He poured out some and I drank it, being careful to rinse the glass afterward.

“Well,” said Sperry, when he had lighted a cigar. “So you want to know where we are.”

“I would like to save something out of the wreck.”

“That’s easy. Horace, you should be a heart specialist, and I should have taken the law. It’s as plain as the alphabet.” He took his notes of the sittings from his pocket. “I’m going to read a few things. Keep what is left of your mind on them. This is the first sitting.

“‘The knee hurts. It is very bad. Arnica will take the pain out.’

“I want to go out. I want air. If I could only go to sleep and forget it. The drawing-room furniture is scattered all over the house.”

“Now the second sitting:

“‘It is writing.’ (The stick.) ‘It is writing, but the water washed it away. All of it, not a trace.’ ‘If only the pocketbook were not lost. Car-tickets and letters. It will be terrible if the letters are found.’ ‘Hawkins may have it. The curtain was much safer.’ ‘That part’s safe enough, unless it made a hole in the floor above.’”

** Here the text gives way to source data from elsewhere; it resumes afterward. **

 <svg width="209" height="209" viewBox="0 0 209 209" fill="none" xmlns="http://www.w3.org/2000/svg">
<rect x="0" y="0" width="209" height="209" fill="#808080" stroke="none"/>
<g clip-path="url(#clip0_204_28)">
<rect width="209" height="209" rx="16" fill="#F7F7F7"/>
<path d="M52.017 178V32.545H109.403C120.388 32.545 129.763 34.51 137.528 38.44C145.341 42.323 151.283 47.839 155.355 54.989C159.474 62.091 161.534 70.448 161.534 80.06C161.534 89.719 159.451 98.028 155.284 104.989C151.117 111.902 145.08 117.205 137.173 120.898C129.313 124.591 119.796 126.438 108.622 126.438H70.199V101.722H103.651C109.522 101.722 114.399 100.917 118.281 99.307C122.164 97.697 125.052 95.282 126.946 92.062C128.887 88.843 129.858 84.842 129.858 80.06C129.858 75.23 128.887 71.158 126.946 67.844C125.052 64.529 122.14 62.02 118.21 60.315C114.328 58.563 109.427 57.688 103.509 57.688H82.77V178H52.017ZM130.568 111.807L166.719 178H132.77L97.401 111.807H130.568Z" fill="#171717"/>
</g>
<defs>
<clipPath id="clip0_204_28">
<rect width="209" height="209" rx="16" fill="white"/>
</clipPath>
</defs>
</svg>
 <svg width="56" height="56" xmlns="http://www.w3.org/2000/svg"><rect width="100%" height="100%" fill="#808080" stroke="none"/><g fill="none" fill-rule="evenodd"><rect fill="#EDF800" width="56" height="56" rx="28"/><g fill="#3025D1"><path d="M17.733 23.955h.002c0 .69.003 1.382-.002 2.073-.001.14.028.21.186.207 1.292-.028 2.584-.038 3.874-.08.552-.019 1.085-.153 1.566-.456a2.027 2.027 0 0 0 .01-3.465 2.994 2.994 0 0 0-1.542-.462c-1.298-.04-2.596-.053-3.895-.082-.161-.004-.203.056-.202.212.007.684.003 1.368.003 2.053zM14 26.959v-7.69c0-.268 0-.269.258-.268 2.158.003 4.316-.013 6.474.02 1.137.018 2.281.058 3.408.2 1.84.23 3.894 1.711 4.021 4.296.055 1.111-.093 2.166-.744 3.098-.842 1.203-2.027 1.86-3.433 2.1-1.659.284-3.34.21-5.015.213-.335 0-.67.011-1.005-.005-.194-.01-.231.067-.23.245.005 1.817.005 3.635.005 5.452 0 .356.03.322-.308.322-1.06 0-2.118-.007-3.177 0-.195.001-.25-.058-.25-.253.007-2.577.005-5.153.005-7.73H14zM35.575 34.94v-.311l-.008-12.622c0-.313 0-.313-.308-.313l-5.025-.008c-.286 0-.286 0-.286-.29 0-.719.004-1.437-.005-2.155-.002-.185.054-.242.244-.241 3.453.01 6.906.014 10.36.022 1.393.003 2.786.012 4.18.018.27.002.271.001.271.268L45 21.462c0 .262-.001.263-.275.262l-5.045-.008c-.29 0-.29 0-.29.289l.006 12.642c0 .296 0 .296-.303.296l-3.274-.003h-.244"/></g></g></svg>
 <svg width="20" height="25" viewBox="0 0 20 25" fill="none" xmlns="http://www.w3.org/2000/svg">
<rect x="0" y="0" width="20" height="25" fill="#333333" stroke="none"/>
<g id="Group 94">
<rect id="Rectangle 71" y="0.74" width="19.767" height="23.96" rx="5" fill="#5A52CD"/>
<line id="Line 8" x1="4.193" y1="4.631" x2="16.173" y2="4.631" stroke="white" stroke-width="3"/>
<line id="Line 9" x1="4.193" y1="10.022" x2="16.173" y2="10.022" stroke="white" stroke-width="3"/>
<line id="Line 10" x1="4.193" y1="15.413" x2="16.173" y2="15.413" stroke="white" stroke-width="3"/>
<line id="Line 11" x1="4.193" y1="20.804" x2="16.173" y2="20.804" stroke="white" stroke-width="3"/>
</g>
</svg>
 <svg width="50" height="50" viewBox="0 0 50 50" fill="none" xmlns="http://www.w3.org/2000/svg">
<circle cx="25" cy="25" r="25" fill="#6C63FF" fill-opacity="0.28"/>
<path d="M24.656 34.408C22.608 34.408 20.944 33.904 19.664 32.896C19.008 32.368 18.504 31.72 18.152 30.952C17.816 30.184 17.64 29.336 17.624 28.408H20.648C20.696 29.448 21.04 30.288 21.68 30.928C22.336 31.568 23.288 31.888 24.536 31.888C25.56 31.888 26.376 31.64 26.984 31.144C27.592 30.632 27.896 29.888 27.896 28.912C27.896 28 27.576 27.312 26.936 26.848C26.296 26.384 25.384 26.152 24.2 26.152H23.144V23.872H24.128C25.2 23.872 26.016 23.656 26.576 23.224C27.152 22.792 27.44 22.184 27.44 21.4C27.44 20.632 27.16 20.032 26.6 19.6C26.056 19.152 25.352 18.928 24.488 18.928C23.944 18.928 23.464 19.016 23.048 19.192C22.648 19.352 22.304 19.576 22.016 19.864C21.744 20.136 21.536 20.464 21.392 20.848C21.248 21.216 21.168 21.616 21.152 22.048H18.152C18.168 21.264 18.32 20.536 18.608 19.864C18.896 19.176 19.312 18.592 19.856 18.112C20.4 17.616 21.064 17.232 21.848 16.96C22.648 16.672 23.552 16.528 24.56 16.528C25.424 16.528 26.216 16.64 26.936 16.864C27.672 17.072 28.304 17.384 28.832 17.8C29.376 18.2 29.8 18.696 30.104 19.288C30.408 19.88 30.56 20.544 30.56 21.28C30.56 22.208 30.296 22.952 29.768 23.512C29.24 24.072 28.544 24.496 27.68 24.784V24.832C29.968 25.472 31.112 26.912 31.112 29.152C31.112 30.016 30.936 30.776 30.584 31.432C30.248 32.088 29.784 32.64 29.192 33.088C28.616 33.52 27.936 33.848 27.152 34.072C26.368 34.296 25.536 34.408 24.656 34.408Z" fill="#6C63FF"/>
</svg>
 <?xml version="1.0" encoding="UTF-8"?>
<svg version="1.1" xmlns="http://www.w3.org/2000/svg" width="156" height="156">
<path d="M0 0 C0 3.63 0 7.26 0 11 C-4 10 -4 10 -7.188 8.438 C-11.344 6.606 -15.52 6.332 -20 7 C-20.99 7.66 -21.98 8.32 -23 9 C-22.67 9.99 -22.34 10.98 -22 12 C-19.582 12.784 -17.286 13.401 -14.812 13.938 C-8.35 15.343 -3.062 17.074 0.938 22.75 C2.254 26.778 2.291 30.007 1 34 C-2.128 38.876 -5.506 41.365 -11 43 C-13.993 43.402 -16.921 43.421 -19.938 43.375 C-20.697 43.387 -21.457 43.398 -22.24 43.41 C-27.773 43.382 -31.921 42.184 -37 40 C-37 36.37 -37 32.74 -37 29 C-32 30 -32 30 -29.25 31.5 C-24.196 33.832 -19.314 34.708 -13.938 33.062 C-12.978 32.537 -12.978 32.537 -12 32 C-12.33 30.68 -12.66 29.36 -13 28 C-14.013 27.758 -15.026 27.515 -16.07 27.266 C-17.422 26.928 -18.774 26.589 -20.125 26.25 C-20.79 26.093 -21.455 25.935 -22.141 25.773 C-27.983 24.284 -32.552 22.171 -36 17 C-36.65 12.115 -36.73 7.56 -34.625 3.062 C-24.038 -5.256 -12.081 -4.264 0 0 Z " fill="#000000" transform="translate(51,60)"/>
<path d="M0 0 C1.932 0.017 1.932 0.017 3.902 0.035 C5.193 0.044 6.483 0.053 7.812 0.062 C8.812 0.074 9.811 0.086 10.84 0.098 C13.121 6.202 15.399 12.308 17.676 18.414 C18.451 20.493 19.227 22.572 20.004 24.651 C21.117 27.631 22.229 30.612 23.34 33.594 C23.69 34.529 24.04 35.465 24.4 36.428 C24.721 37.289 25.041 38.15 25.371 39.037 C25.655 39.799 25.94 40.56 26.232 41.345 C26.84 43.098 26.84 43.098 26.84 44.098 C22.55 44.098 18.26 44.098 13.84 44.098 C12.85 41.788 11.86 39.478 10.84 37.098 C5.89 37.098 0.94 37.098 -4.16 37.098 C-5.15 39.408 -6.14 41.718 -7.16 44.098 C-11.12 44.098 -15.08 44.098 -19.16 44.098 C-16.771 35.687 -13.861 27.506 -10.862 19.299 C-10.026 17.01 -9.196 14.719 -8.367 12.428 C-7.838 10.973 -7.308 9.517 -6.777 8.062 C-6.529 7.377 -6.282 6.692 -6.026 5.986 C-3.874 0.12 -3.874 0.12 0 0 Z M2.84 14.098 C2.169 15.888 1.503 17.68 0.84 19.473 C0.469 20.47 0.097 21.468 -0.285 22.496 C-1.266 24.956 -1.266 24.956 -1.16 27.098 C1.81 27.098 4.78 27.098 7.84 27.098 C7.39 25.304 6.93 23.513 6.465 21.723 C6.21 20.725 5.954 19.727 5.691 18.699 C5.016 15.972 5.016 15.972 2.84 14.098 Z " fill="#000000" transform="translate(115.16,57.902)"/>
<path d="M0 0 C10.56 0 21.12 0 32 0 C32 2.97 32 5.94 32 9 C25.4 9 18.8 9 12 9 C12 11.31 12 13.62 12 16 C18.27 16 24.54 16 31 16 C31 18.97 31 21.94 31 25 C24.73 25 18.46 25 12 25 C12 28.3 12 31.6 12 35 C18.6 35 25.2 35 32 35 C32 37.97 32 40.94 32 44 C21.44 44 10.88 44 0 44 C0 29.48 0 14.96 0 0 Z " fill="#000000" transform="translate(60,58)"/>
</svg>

“Oh, if you’re going to read a lot of irrelevant material—”

“Irrelevant nothing! Wake up, Horace! But remember this. I’m not explaining the physical phenomena. We’ll never do that. It wasn’t extraordinary, as such things go. Our little medium in a trance condition has read poor Clara’s mind. It’s all here, all that Clara knew and nothing that she didn’t know. A mind-reader, friend Horace. And Heaven help me when I marry her!”